-- TRY IT --
Lift out, unaltered, the lines of the material below between the line holding "Q: Is the text underlined? A: Yes." and the line holding "Q: Monospaced? A: No.", counting both.

-- INPUT FOR THIS TASK --
________________________________________
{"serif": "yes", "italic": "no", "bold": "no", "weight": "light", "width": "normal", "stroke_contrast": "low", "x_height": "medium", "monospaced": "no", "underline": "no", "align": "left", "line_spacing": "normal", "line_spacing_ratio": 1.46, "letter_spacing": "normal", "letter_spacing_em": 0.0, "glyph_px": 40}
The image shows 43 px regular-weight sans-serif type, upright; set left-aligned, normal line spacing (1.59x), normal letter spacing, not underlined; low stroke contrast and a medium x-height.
________________________________________
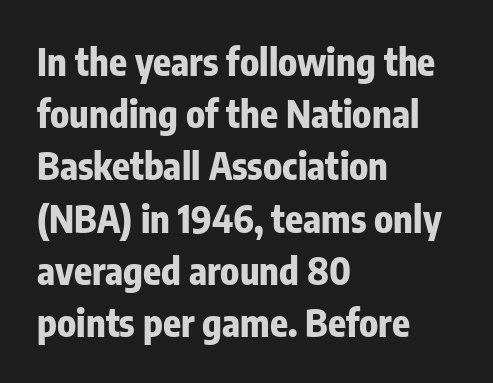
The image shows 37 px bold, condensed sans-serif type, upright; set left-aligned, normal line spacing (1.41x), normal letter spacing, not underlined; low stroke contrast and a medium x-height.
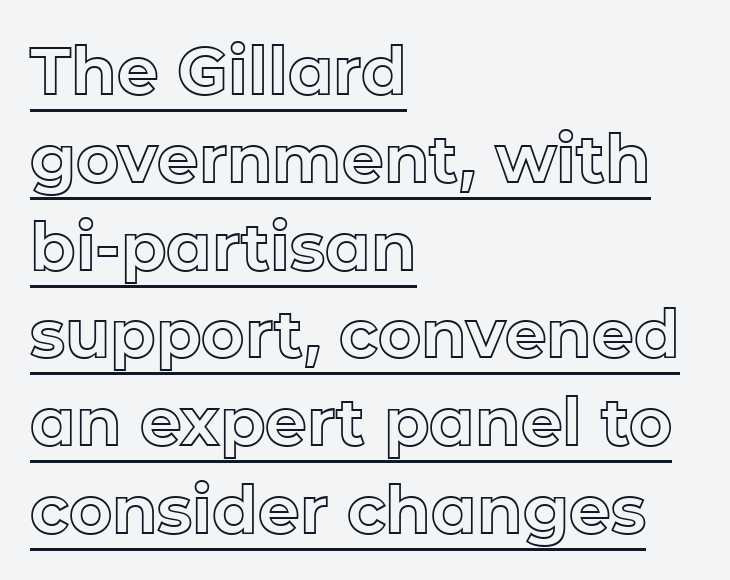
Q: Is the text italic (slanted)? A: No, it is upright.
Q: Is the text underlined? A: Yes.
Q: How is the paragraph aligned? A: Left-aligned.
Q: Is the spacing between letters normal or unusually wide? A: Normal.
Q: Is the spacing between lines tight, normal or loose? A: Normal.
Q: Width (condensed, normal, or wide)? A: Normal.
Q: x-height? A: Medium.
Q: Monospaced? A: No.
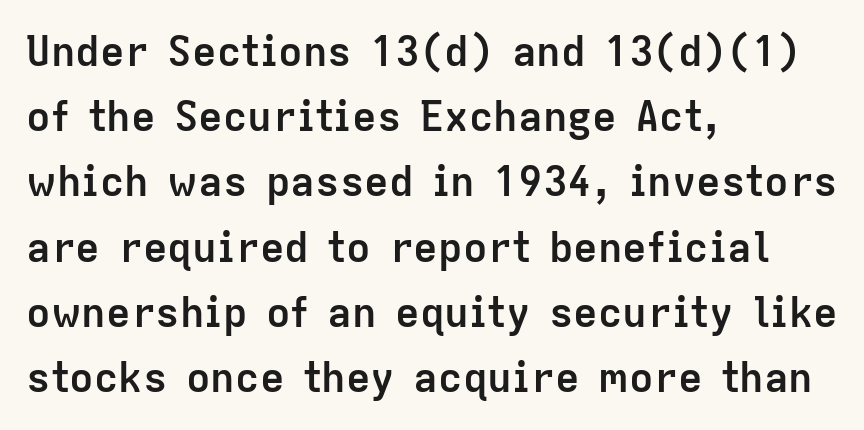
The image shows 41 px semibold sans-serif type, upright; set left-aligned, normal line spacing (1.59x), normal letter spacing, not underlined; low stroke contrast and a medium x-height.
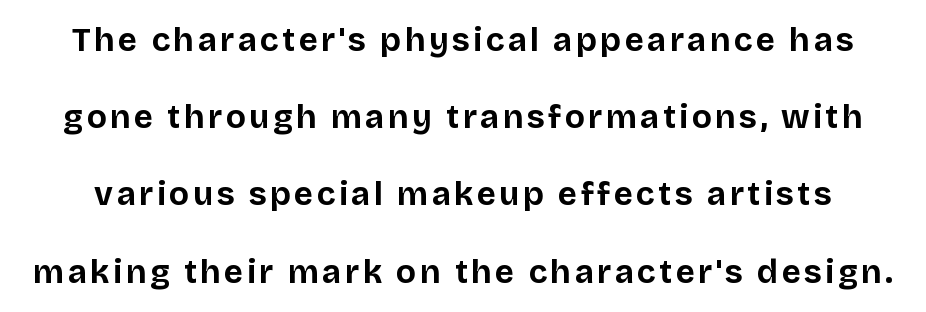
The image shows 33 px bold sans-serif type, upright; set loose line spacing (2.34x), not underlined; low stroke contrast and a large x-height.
________________________________________
-- ANSWER TO THE EXERCISE --
Q: Is the text underlined? A: Yes.
Q: How is the paragraph aligned? A: Left-aligned.
Q: Is the spacing between letters normal or unusually wide? A: Normal.
Q: Is the spacing between lines tight, normal or loose? A: Normal.
Q: Width (condensed, normal, or wide)? A: Normal.
Q: x-height? A: Medium.
Q: Monospaced? A: No.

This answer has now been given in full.